The larger ecological view: fine art supplies and materials such as those in the Timepieces series are unlikely to have a negative ecological impact. Indeed the whole of the fine art supply industry is considerably smaller than the decidedly difficult impacts of the household paint industry, or the construction lumber industry, or the cotton industry (associated with artist’s canvas, for example). The ecological impact of home heating and cooling for the artist’s abode or studio is probably much larger than the impact of the art supplies. So too is the impact of automobiles and transportation, the ecological costs of long-distance shipping, or of computers and today’s cloud servers — all of these pose far greater overall environmental concerns. The large scale of these issues suggests that we should be careful about assigning responsibility for environmental issues to the individual artist (or any single person)… given the scale of the problems, we must instead collaborate to solve large-scale problems by building bold social and political and business policies that can operate at a far larger scale than individual’s art supplies. Regarding how to build such collaborations, I recommend reading Paul Hawken’s The Ecology of Commerce and Drawdown, the United Nations’ 17 Sustainable Development Goals , and the Biden administration’s Building a Clean Energy Economy: the Inflation Reduction Act’s Investment in Clean Energy and Climate Action, which contains significant business incentives and new programs for addressing large-scale issues such as climate change, pollution, ecology and environmental policies. A very simple rule-of-thumb is to electrify everything, using as much sustainable, decentralized energy as possible, which also keeps energy production and funding local. Artists who desire to create environmentally-friendly artworks can support and benefit from public policies that incentivize sustainable industries and clean energy production at far larger, global scales than the individual artist’s use of art supplies.

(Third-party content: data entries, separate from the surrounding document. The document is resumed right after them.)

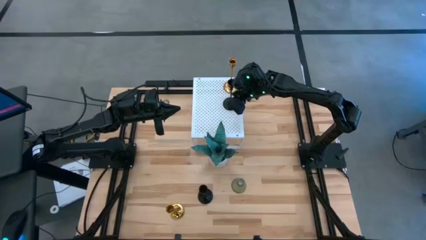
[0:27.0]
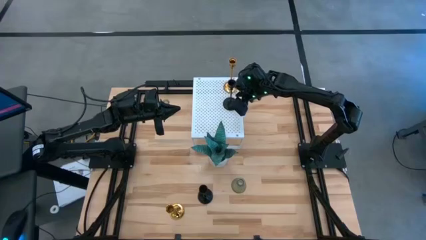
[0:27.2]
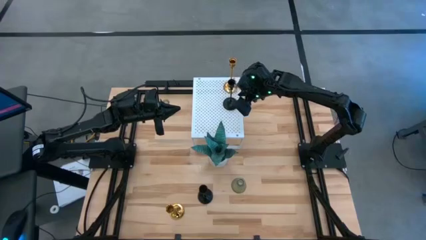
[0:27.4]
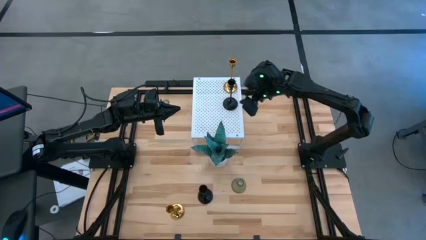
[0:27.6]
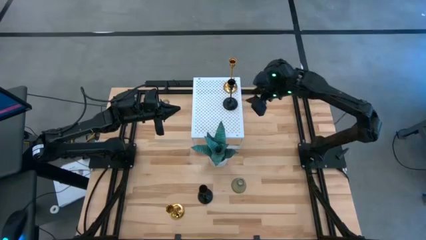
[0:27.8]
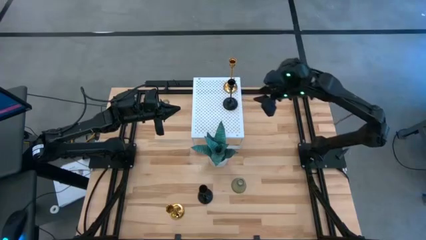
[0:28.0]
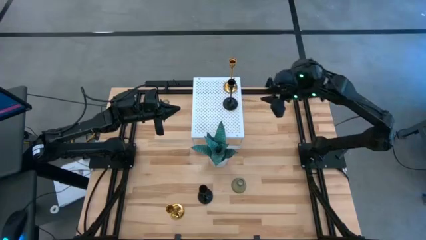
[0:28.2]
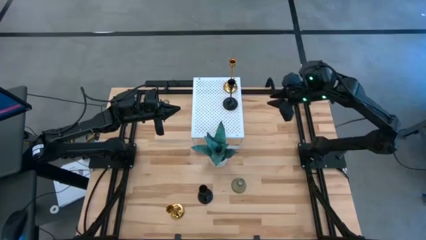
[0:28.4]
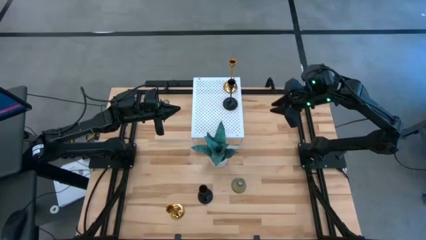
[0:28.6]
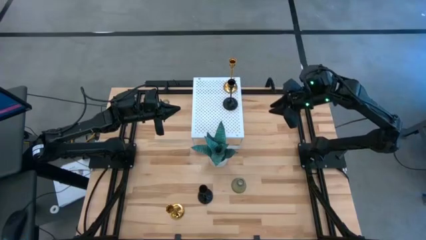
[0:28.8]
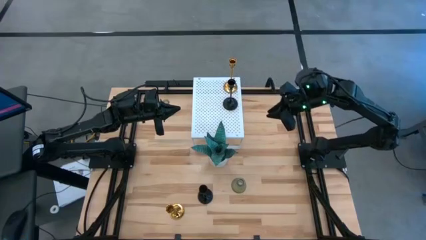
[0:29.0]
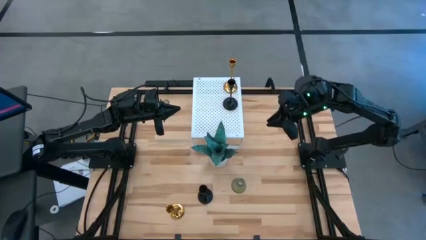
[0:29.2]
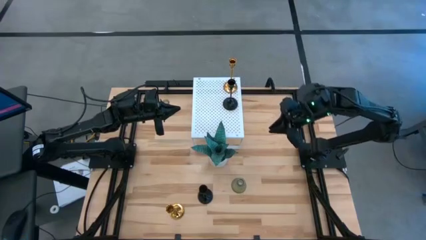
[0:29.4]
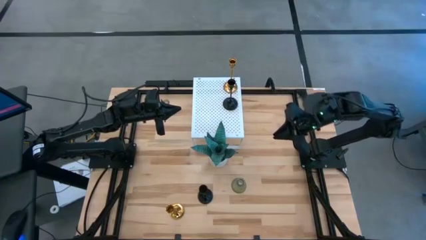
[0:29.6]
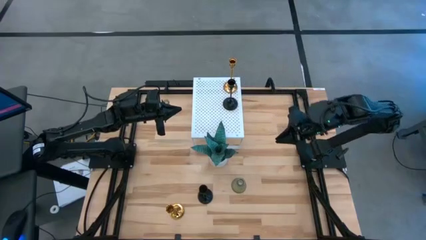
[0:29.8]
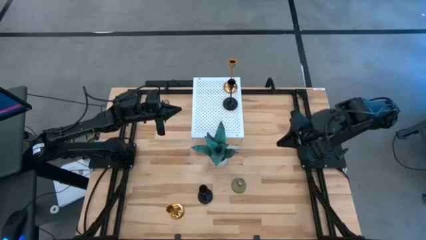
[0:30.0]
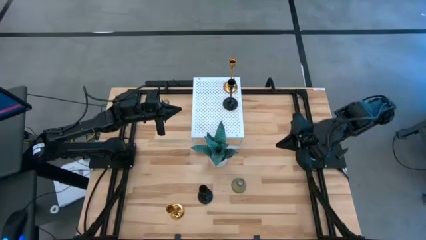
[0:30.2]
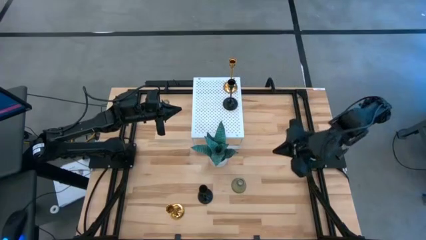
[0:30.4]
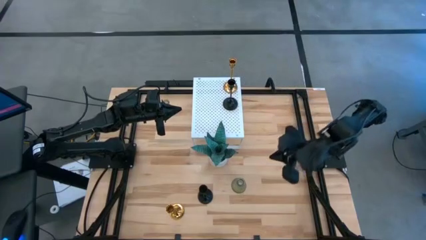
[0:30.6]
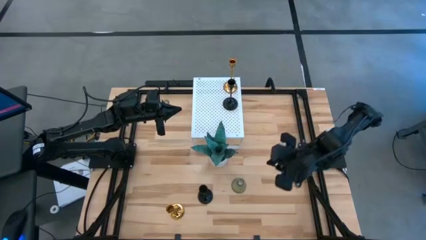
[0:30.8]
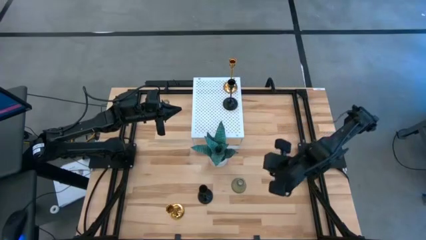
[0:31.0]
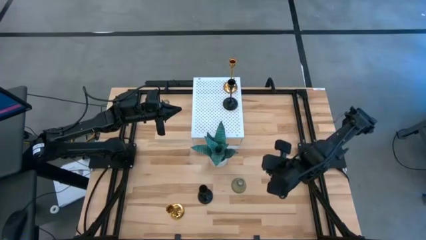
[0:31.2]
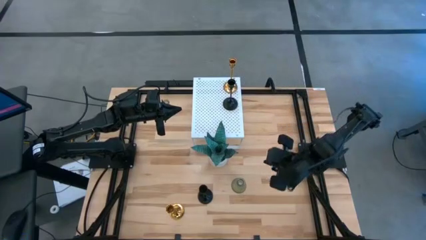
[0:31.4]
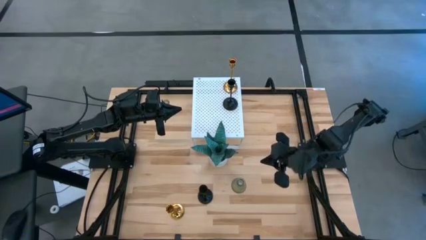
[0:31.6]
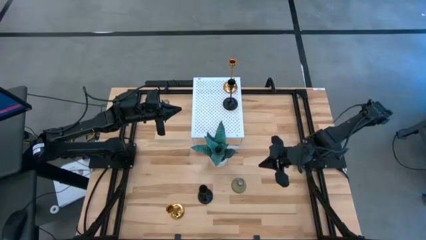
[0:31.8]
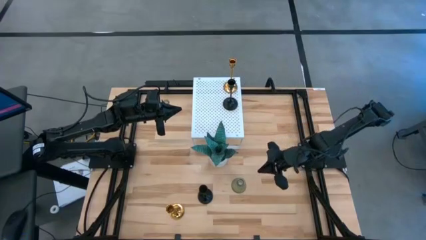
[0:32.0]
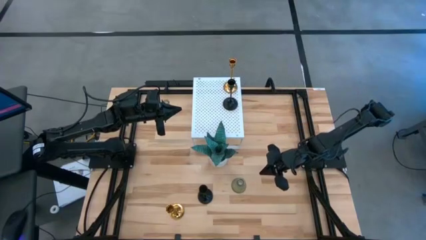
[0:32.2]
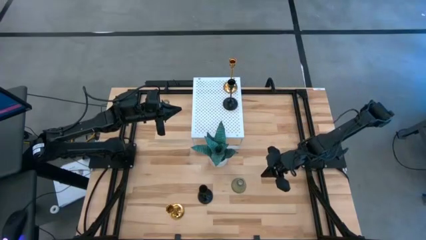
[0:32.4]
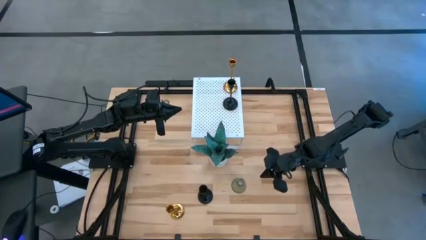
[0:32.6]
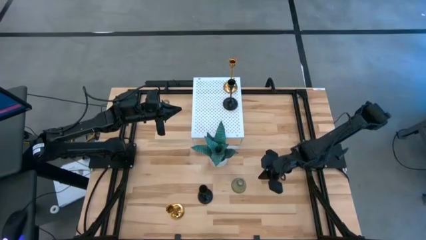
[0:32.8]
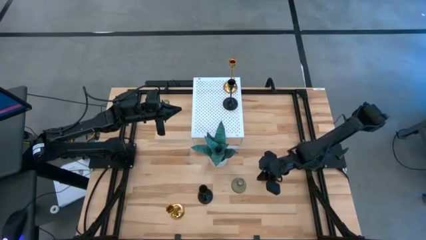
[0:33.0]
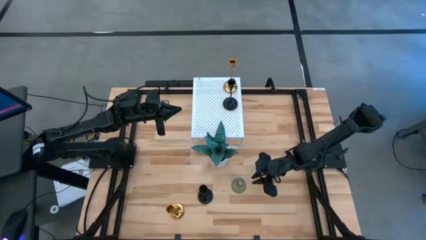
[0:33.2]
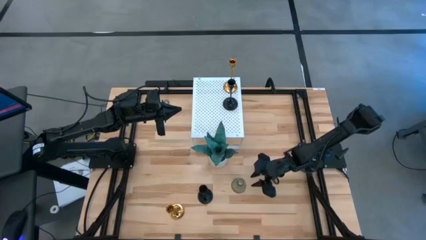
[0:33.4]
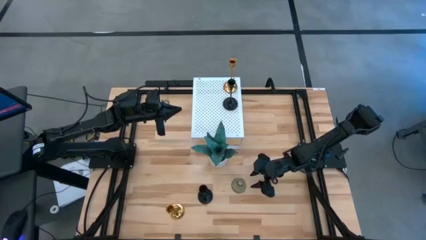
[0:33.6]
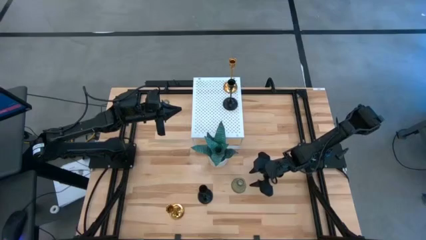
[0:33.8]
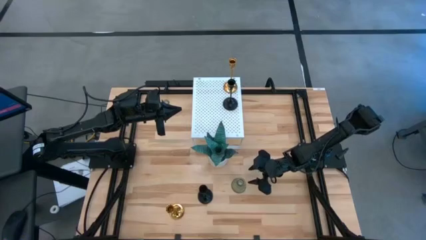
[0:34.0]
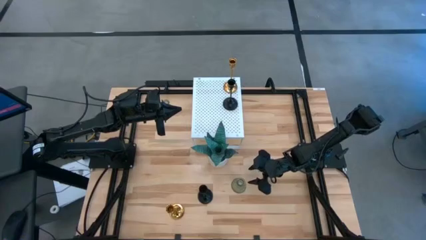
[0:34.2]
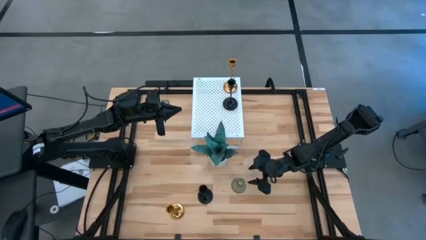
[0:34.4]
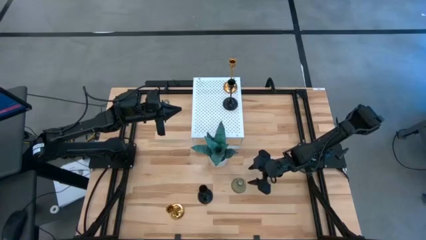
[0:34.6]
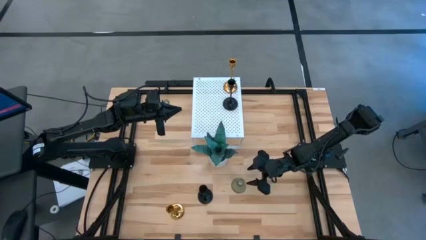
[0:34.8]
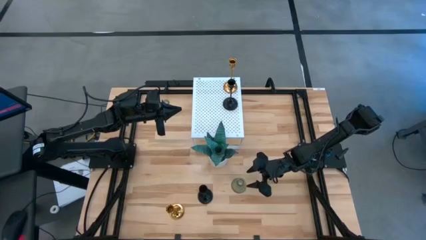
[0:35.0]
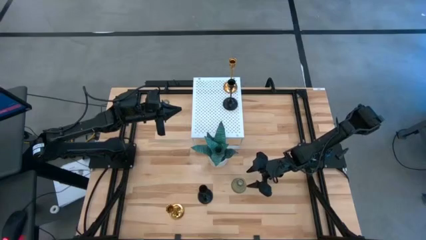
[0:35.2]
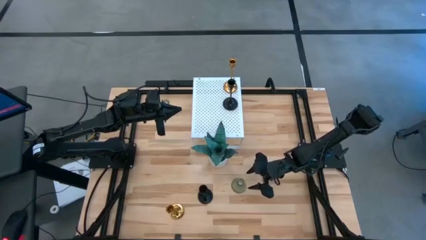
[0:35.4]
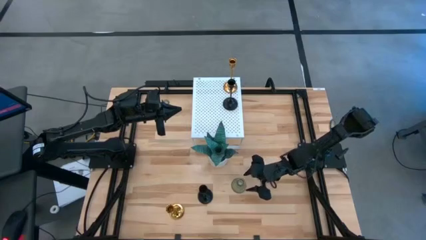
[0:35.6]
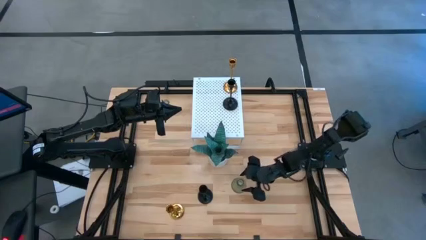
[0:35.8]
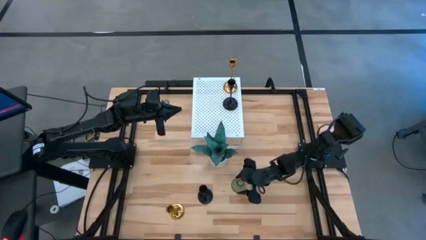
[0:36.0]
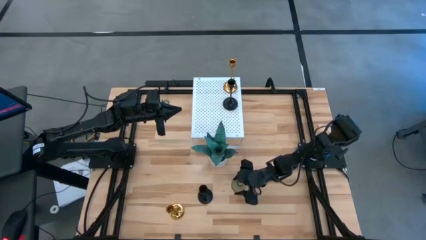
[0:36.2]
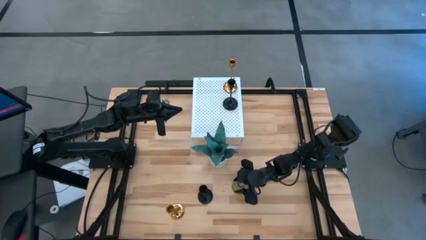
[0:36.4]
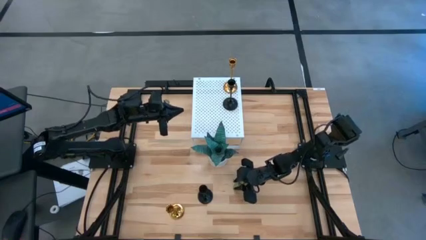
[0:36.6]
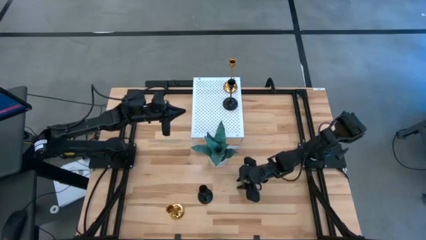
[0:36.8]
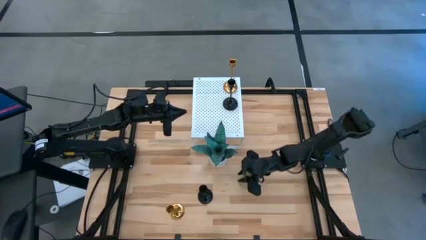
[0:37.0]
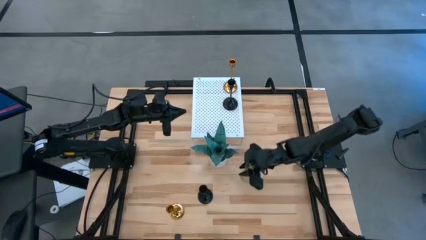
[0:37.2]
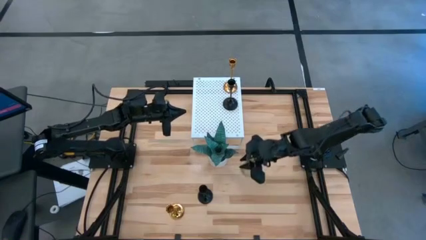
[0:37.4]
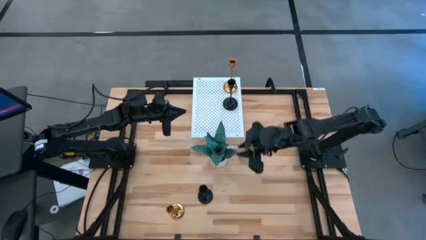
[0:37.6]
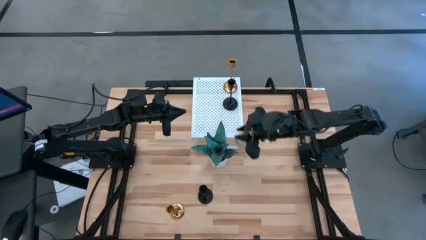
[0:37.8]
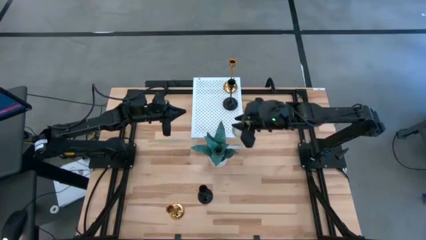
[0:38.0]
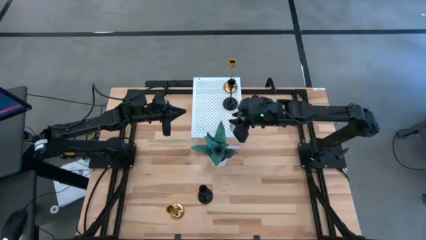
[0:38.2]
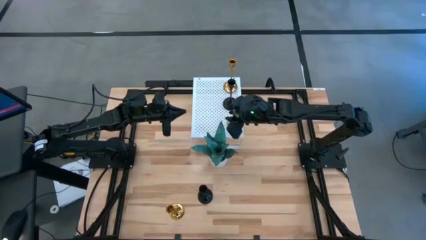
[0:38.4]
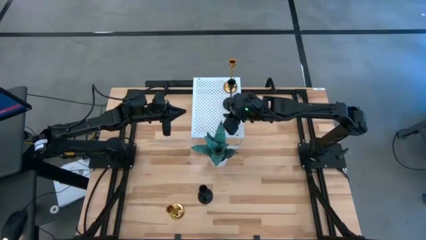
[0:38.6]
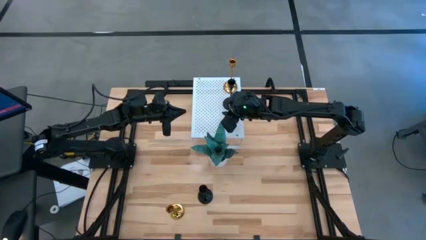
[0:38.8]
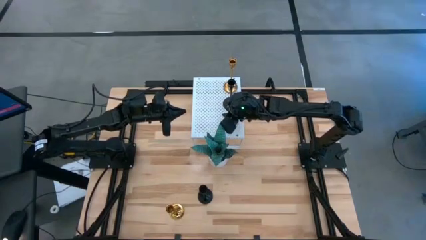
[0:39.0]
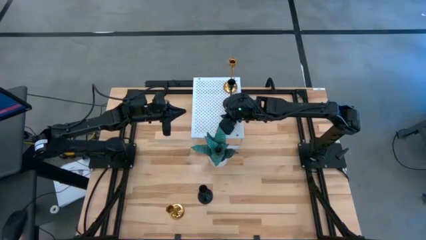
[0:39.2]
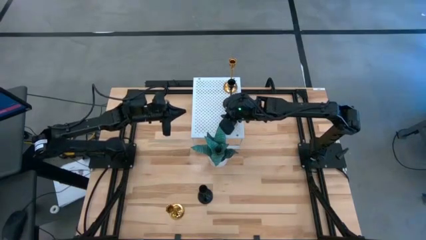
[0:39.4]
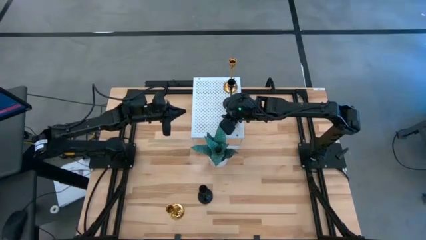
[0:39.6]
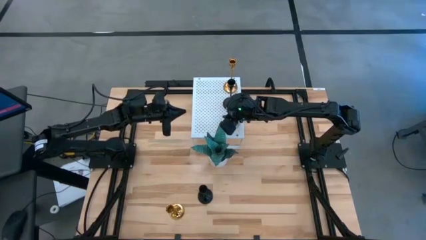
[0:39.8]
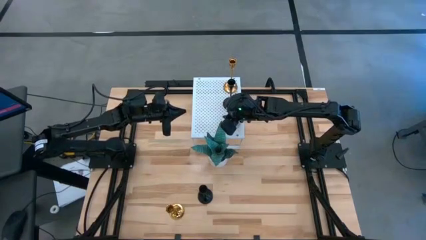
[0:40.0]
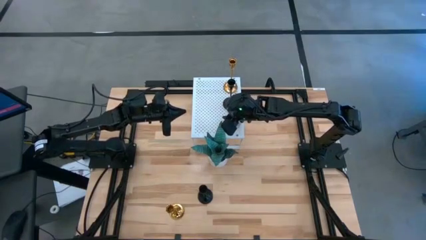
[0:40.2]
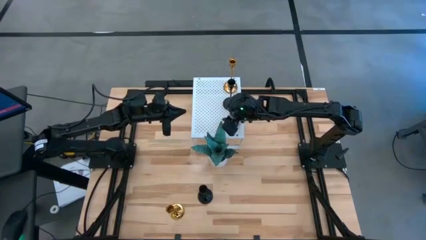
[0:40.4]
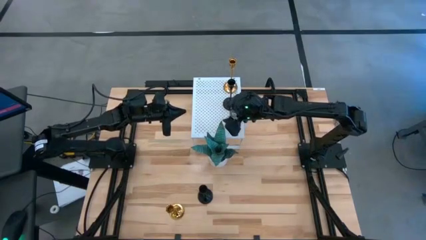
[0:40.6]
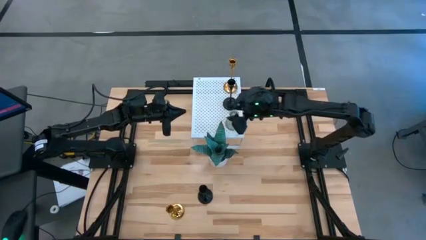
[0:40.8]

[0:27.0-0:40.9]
Task: Pick & Place candle stick holders
Put the bottom transparent candle holder on the shelf

That much said, if you’d like to create an artwork that is very long-lasting, probably the best material you could use is stone or glass. Glass takes about a million years to biodegrade, and is therefore a lot more long-lasting than most art materials. Certain types of stone might last considerably longer. Both materials are subject to change, slowly, due to ongoing geological forces or even the eventual heat-death of the universe in several trillion years, after all stars burn out all of their fuel. In other words, ecological thinking requires taking natural processes of change into account, to determine how much changed ought to be relevant for the artwork and art materials, and whether such transience is sped up or slowed down by our choices and actions. The planet will be fine in its own ways. But our actions certainly impact many other life forms, and our own species, probably to our own dissolution if we’re not more careful about sustaining the environment when we can. All species eventually pass away and may evolve into other, new species. As such, our choices today may speed up or slow down these much larger natural processes, in turn lengthening human survival and the ecologies we require.